The 7 Most Common Behavior Problems in Teens

Teens aren't supposed to follow all the rules all the time.

As your teen begins to develop her own identity, she'll likely test the limits and break the rules sometimes. Most often, a little minor rebellion is part of normal teenage development.

It's important to respond to minor behavior problems swiftly, however, before they escalate into more serious problems. Here are the most common teenage behavior problems and the healthiest strategies for dealing with them. 

When teens get caught doing something wrong, they often lie for two reasons; to avoid disappointing people and to avoid the consequences of their choices. 

Lying can also be a way for teens to express their loyalty to their friends. Your teen may lie to a friend's parent to cover for her when she sneaks out of the house. Or, your teen may deny that her best friend has ever experimented with alcohol. 

And most teens are good at rationalizing the reasons they lie. Whether it's to prevent someone from being mad or it's to get their way when they know they're doing something wrong, lies often come with excuses. 

Make it clear to your teen that you expect her to be honest. Be a good role model too. Don't lie about your teen's age to get the cheaper price for the buffet and don't make up ailments to get out of social engagements. 

When you catch your teen lying, instill harsher consequences. Make it clear that telling the truth would lead to less serious disciplinary action. 


School Problems

It's hard to deal with misbehavior at school because you aren't there to witness the problem. And your teen's version of events is likely to be different than the report from the teacher.

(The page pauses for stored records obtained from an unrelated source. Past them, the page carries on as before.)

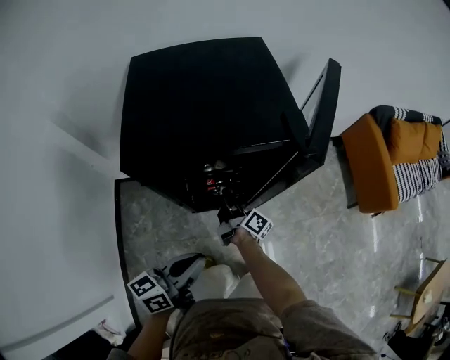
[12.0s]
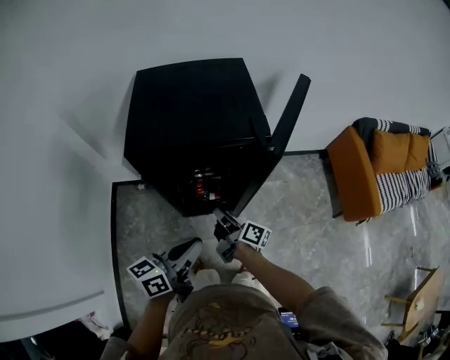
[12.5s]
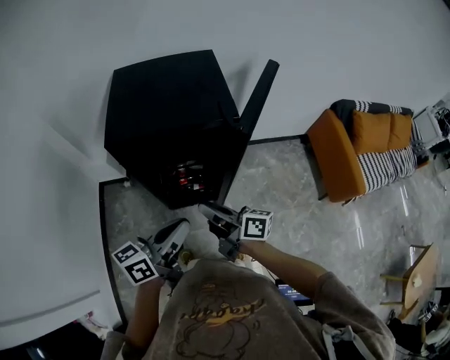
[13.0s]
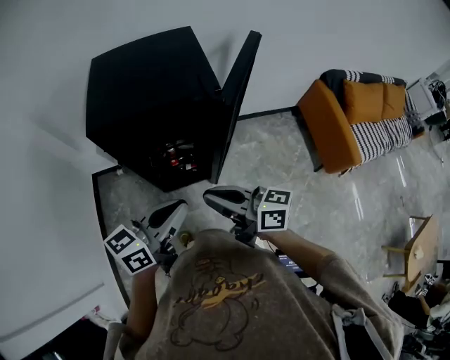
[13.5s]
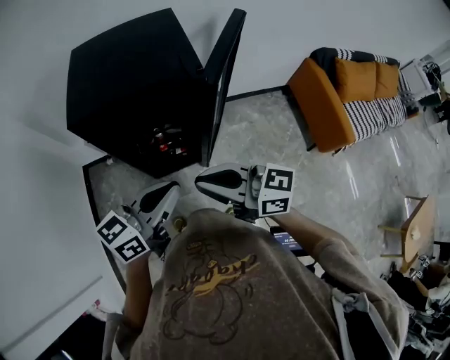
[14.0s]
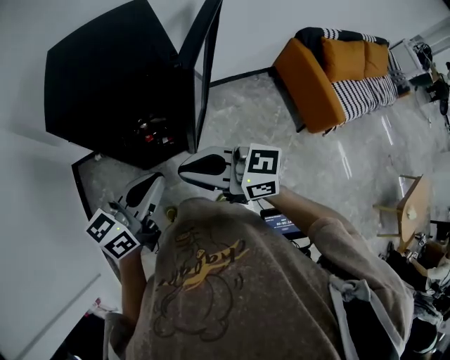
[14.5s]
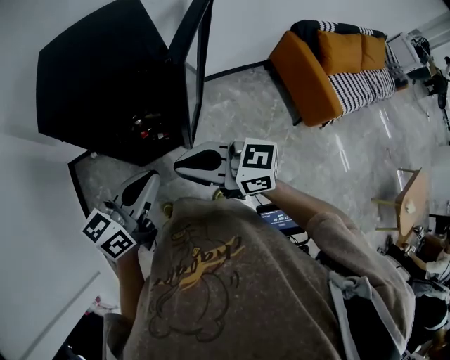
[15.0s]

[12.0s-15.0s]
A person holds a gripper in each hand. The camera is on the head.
12.0s to 13.5s: The left gripper heads upward, covering some 15 cm.

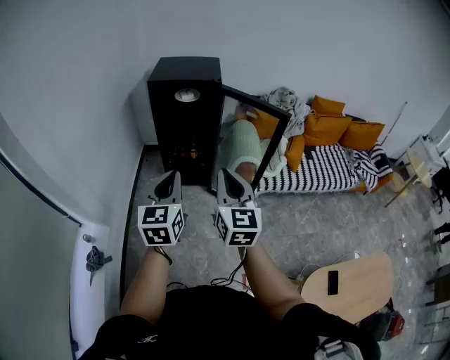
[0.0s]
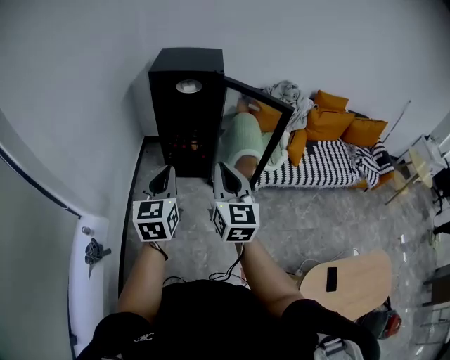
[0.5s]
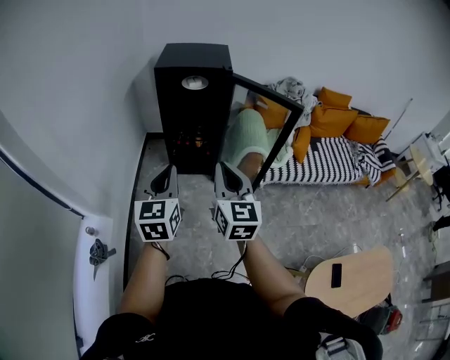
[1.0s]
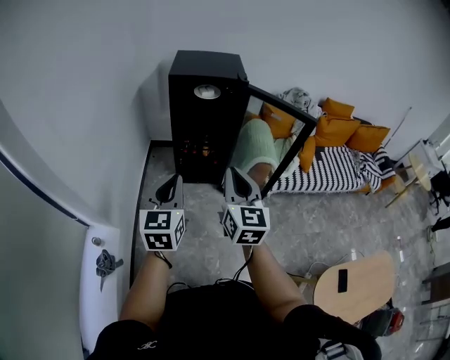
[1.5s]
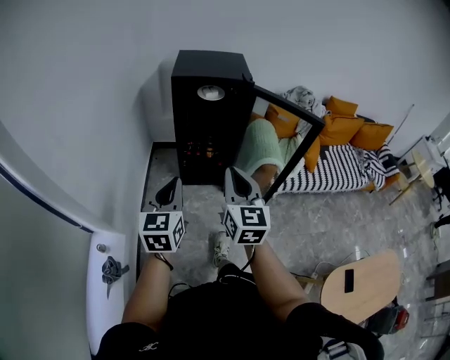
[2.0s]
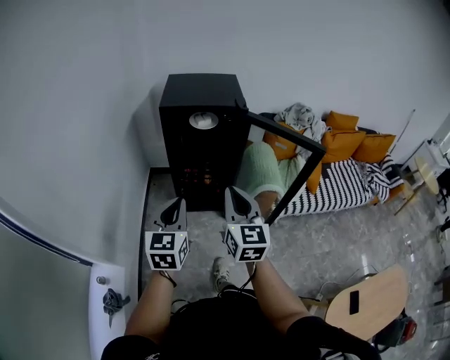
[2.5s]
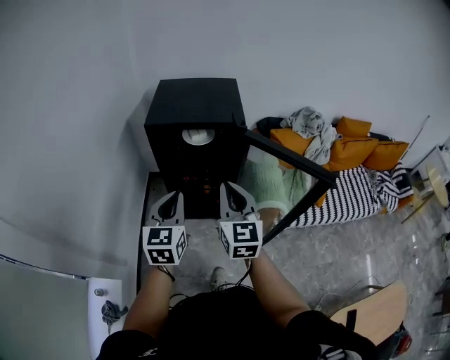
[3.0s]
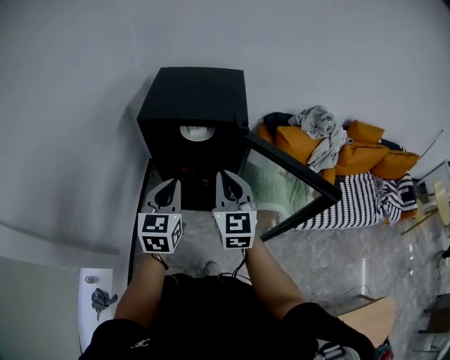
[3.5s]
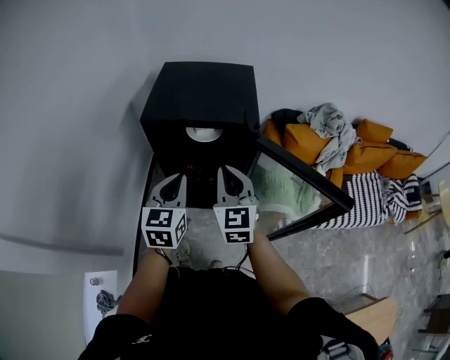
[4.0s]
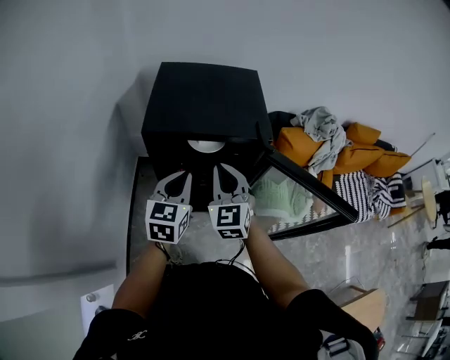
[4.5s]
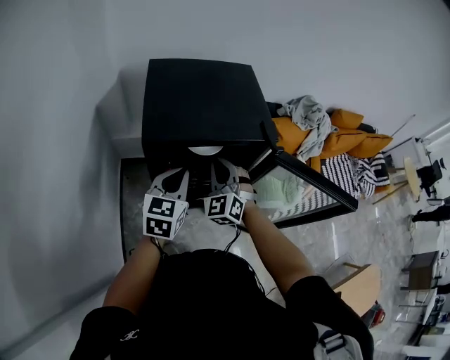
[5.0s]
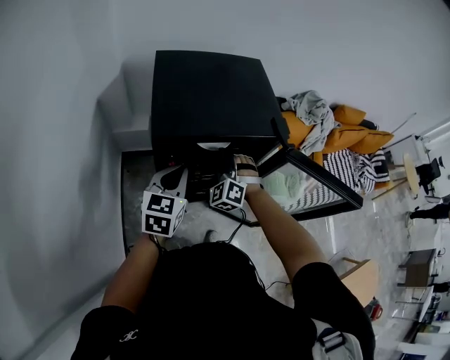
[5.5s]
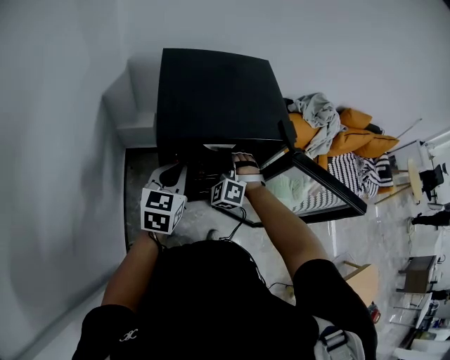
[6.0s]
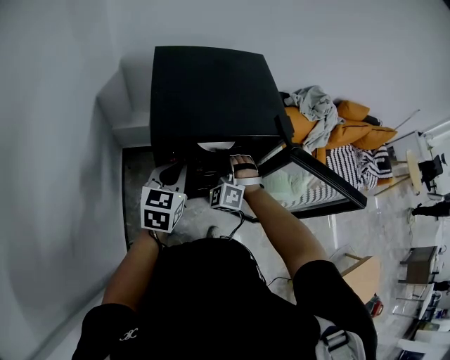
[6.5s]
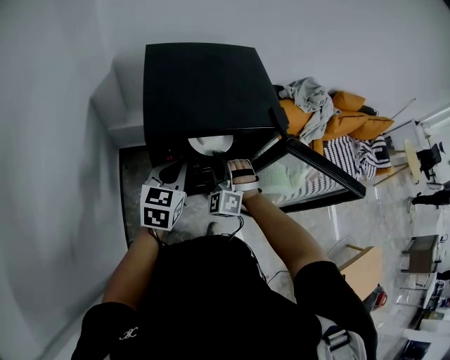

Whether your teen is arguing with a teacher or refusing to do his work, it's important to get involved. Set up a meeting with the school to learn what's going on and work together as a team to address behavior problems.

If detentions, suspensions, and being sent to the principal's office aren't working, you might need to add some at-home consequences. Only allow your teen to have privileges, like a smartphone or time with friends, if he's behaving responsibly at school.

Risky Behavior

Your teen's brain is still developing, so she won't always consider the scope of her misbehavior until she's paying the consequences. Teens believe they're invincible and they struggle to manage their impulses. Unfortunately, that combination can be really dangerous at times.

Whether your teen is experimenting with drugs, or she's driving recklessly, don't chalk it up to, "kids will be kids." Intervene right away and remove your teen's privileges.

Your teen's risky behavior may be showing you she can't handle as much freedom as she has been given. Tightening the reigns for a while may be in order.

If your teen's behavior is serious, seek professional help. Talk to your teen's doctor or meet with a mental health professional. 

Arguing, backtalk, and disrespect may come and go in waves during the teen years. Your teen may be snarky one minute and loving the next.

Sometimes it stems from a desire to be rebellious, and at other times it can signal a problem with the parent/child relationship. 

Listen to your teen actively, follow through with consequences even after the argument is over and talk to your teen about the lack of respect they are showing you when she talks back. 

Studies show rude teens turn into rude adults. So it's essential that you address the behavior in a productive manner now, so your teen communicate better as an adult.


Sometimes teens swear as a way to feel older or as a means to fit in with their peers. At other times, it's a matter of shock value and to test the reaction of their parents.

The way you respond to swearing should depend on your values. Some parents find it best to just ignore it. Giving swear words too much attention may make your teen swear more.

Other families set clear rules about swearing. And whenever that rule is broken, there needs to be a consequence. A swear jar or a short-term loss of privileges may be helpful.


Whether your teen has started made it a habit to come 15 minutes late or he tried sneaking in an hour past curfew, most teens try to test the limits once in a while.

Take curfew violations seriously. Establish a behavior contract and have your teen sign it. Make the consequences for curfew violations clear ahead of time.


Acting Entitled

Many of today's teens lose sight of what's a privilege and what's a right. They act entitled to smartphones, endless attention, and ongoing luxuries.

Make it clear to your teen the privileges, including electronics, must be earned. If your teen isn't doing his chores, getting his homework done, and following the rules, don't allow him to have his privileges. 

Reduce entitlement and narcissism by making it clear that the world doesn't revolve around your teen. Get your teen involved in helping others and solving problems and you'll reduce his sense of entitlement.